I let myself look confused. A relatively easy task. "Did the Johnsons move?"

"Oh, Mr. Johnson's her daddy. She used to rent this place out, but now she lets him live here." She pulled the door tighter and lowered her voice, letting me in on the know. "He can't live by himself, and they didn't want to put him in a home. Lord knows he couldn't live with them." She raised her eyebrows.

"He's very ill."

I said, "Ah. So Mr. Johnson does live here."

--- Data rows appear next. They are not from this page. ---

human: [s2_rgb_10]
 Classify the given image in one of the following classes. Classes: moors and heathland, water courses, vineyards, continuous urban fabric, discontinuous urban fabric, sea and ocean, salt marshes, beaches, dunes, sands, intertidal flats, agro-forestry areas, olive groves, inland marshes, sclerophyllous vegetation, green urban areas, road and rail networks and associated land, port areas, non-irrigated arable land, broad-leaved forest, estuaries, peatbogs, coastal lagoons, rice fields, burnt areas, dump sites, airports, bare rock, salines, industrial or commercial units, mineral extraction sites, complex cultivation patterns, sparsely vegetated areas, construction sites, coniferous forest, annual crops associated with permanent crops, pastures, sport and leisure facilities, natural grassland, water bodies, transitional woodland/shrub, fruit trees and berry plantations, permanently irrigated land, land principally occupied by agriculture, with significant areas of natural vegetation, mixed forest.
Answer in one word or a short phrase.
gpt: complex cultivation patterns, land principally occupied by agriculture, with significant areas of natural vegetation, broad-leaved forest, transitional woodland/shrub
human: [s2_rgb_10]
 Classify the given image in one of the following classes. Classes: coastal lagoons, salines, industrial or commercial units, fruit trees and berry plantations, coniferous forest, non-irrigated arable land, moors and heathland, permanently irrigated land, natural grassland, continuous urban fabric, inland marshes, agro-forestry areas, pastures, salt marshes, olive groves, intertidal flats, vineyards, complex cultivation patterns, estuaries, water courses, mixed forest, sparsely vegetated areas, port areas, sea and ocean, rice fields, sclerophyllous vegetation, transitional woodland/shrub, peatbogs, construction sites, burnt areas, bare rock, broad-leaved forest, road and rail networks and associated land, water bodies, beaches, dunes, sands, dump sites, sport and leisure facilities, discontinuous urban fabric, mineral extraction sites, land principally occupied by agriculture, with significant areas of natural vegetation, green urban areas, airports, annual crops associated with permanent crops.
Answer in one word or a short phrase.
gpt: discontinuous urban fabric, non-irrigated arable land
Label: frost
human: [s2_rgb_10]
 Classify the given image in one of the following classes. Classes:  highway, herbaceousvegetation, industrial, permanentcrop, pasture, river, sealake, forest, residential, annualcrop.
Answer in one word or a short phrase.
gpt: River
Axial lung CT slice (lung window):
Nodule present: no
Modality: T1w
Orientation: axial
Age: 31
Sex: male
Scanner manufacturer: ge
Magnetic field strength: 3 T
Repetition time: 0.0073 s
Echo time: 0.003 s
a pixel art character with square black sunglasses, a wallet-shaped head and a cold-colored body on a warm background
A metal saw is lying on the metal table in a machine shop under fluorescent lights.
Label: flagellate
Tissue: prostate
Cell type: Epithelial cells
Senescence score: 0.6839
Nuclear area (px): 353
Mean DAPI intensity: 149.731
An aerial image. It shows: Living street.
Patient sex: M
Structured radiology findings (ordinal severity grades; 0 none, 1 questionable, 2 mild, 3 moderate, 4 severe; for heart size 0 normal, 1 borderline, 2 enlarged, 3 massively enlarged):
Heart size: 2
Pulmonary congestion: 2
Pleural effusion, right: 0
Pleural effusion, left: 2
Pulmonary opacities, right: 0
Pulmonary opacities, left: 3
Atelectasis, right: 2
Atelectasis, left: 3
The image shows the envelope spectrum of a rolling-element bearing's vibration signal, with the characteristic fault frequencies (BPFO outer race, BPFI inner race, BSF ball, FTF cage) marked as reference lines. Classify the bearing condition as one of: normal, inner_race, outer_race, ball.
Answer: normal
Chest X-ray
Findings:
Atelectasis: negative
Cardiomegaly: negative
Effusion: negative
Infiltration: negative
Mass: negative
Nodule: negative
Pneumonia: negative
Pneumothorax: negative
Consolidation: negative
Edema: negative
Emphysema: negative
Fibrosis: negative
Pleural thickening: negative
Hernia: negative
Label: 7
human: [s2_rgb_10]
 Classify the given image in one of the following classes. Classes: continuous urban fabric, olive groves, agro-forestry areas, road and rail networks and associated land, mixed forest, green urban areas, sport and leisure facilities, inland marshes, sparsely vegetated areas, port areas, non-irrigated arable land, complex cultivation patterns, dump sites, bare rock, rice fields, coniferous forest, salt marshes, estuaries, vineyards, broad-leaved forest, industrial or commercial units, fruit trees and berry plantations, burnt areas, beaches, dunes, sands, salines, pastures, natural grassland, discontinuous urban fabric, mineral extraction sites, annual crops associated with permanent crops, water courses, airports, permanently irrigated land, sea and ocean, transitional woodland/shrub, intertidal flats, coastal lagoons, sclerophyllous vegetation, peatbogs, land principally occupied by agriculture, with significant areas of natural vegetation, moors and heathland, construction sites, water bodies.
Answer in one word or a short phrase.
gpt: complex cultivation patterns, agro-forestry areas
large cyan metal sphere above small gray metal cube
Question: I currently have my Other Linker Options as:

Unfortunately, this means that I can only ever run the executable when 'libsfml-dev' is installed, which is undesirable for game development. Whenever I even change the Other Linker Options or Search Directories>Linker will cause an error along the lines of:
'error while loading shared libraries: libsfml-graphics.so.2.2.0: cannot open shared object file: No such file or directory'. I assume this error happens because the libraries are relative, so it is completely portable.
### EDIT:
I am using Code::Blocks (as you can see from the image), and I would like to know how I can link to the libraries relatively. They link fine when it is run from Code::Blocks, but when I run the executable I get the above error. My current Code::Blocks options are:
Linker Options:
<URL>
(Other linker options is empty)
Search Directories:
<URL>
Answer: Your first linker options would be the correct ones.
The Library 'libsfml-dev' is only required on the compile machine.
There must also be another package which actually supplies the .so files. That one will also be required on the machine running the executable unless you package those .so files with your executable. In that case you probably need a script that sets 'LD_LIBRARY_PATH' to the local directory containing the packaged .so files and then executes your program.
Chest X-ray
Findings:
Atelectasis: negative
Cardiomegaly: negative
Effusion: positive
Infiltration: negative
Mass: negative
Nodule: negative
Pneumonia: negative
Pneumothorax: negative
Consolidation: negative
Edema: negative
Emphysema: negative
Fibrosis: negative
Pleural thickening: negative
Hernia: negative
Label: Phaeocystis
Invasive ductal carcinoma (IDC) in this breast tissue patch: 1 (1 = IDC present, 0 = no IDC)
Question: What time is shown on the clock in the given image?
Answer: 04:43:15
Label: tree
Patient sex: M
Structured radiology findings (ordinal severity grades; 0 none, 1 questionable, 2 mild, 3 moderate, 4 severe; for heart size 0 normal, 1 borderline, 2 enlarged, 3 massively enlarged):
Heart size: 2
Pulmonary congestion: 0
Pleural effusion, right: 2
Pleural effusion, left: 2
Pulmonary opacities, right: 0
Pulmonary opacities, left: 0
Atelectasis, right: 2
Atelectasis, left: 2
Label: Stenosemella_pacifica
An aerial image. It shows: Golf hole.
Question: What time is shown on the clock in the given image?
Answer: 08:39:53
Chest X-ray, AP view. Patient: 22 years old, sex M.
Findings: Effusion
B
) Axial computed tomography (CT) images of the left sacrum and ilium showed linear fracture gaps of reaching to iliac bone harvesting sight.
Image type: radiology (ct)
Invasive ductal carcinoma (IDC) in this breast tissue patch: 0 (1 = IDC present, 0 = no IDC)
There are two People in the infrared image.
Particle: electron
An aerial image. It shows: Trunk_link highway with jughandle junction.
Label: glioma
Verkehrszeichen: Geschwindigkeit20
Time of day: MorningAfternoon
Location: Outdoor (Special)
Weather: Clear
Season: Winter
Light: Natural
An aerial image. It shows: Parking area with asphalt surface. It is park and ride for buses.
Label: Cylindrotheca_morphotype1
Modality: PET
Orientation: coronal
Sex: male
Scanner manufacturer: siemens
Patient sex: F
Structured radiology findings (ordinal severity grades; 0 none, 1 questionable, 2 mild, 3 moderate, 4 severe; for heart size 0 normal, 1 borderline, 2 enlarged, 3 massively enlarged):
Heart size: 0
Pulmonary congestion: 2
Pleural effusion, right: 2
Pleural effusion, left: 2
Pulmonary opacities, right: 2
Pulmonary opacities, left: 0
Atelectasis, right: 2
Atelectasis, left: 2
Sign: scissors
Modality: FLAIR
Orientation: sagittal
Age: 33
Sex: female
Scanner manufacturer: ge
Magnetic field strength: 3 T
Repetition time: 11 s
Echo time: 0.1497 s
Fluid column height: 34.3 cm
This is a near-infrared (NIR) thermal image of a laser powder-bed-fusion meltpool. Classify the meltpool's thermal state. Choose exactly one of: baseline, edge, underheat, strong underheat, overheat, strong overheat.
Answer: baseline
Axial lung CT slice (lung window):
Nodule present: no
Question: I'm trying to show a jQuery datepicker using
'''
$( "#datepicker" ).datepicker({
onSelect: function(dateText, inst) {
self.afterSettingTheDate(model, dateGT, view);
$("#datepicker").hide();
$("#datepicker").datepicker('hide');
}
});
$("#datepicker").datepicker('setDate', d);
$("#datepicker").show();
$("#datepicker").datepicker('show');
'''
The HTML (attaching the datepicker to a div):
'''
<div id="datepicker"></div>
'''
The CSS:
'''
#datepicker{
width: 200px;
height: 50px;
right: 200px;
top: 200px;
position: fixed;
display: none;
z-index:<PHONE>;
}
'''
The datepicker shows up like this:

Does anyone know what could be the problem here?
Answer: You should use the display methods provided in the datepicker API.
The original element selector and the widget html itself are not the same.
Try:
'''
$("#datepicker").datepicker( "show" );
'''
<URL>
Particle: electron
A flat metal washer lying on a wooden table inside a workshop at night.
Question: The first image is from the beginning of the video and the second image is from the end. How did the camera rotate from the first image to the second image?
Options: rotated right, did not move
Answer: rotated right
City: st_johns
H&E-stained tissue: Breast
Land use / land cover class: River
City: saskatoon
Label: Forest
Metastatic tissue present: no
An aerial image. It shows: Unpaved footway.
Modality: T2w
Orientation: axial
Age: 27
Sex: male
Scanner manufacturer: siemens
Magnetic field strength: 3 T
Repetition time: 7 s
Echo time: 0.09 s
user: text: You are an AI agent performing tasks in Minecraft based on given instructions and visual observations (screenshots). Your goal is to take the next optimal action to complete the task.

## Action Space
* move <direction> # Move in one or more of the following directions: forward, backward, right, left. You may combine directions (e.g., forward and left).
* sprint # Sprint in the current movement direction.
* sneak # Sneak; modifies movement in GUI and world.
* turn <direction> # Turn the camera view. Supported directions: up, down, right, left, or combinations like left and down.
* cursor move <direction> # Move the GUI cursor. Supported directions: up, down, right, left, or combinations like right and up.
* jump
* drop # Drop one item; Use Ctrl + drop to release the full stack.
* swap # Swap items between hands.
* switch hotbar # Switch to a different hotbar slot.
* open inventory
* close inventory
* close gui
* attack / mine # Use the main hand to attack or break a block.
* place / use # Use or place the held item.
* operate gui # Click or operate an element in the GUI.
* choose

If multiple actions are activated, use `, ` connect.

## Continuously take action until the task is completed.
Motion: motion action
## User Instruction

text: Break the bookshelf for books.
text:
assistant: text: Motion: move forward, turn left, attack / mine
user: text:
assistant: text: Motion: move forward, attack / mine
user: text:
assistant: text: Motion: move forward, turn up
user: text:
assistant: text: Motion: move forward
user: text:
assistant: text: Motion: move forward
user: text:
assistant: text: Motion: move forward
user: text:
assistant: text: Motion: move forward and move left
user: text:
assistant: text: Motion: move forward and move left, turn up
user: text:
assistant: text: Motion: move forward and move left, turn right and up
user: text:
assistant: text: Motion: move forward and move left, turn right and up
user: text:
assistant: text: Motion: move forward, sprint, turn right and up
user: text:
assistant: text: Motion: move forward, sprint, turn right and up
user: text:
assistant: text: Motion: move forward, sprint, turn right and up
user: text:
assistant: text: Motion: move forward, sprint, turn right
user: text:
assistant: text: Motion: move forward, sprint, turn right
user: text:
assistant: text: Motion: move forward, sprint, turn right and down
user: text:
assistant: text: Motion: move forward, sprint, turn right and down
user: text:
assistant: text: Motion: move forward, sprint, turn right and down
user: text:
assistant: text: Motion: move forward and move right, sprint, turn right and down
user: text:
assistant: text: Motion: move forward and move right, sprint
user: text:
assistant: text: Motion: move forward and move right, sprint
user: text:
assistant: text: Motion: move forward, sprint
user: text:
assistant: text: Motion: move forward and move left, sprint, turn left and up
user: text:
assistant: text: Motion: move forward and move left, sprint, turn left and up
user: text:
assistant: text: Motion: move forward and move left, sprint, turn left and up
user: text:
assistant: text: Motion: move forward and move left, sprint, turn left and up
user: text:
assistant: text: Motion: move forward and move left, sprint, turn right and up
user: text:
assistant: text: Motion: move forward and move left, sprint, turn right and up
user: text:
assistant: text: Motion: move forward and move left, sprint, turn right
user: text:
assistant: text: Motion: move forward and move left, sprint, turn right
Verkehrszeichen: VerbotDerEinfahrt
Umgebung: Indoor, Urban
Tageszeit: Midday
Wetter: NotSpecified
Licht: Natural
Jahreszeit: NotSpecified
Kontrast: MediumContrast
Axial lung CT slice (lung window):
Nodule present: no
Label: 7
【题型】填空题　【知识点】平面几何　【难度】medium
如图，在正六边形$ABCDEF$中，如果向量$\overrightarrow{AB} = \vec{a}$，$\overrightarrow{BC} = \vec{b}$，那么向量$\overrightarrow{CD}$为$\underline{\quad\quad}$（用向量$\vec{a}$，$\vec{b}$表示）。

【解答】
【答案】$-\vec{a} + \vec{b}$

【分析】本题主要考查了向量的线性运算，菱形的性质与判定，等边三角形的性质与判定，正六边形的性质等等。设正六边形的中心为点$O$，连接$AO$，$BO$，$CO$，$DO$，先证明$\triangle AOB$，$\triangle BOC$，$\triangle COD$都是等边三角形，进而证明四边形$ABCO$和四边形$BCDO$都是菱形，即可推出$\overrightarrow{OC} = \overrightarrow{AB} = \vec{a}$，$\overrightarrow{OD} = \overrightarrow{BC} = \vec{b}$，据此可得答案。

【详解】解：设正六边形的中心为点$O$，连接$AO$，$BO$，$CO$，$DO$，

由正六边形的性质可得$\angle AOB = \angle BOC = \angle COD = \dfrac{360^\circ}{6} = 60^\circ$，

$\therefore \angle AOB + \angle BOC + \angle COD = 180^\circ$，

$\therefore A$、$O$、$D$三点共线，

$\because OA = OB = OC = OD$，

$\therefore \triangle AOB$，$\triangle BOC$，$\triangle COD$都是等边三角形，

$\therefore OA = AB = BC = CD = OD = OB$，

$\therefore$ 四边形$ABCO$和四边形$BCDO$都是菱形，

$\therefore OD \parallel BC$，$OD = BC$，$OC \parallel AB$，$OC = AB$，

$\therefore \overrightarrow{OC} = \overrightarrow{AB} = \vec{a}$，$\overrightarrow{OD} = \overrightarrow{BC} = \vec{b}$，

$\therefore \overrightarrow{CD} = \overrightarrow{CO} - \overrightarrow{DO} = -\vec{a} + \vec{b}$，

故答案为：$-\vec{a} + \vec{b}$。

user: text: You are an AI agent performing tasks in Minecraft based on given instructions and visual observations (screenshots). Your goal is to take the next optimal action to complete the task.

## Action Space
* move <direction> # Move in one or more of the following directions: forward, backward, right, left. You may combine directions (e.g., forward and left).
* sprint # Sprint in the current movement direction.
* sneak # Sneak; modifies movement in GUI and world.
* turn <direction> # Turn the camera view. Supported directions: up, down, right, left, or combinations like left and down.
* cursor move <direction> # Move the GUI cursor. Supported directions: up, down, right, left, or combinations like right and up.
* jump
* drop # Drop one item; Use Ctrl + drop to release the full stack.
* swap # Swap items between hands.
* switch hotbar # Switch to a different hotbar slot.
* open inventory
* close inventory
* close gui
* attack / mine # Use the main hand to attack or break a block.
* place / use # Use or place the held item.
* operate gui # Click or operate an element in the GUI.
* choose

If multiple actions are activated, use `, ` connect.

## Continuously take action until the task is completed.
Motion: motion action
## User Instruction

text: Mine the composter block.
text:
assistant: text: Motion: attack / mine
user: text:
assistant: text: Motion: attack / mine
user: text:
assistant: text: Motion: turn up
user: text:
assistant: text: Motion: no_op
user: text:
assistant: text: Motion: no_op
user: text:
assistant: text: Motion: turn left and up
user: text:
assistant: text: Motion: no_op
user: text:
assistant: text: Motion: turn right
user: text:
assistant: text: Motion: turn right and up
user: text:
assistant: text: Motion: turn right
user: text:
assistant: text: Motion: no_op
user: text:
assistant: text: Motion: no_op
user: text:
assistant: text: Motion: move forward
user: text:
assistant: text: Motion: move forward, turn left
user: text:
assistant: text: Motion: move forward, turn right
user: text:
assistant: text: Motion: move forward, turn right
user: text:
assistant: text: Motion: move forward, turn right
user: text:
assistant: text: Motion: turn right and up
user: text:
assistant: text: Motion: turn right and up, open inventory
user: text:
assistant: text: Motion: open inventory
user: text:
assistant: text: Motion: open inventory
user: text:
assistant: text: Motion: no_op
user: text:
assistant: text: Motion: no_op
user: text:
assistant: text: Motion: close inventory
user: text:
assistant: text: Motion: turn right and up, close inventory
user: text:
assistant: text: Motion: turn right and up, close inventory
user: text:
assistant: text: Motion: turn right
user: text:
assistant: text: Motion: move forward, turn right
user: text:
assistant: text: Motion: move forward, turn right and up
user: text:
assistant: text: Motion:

She nodded, then sighed. "He's eighty-seven, poor thing, and he takes spells. He's a devil when he takes a spell." The voice in the house yelled again, something about the TV, something about Bob Barker and the goddamned pears.

I said, "How is Mrs. Johnson?"

"Oh, she died years ago."

Score another for Martha Guidry. "If I wanted to speak with Mrs. Boudreaux, how could I do that?"

"She'll be here in a little while. She always comes around two. Or you could go by her shop. She has a very nice formal wear shop on Second Street by the square. They call it Edie's. Her first name is Edith, but she goes by Edie."

"Of course."

She glanced back toward the house. "Twice a day she comes, and he don't even know it, most days. Poor thing."

I thanked her for her time, told her I'd try to stop at the house again around two, then drove back to the square. Edith Boudreaux's boutique occupied a corner location next to a hair salon, across from a little square filled with magnolia trees. I parked on the square, then walked back and went inside. A young woman in her early twenties smiled at me from a rack of Anne Klein pants suits. "May I help you, sir?"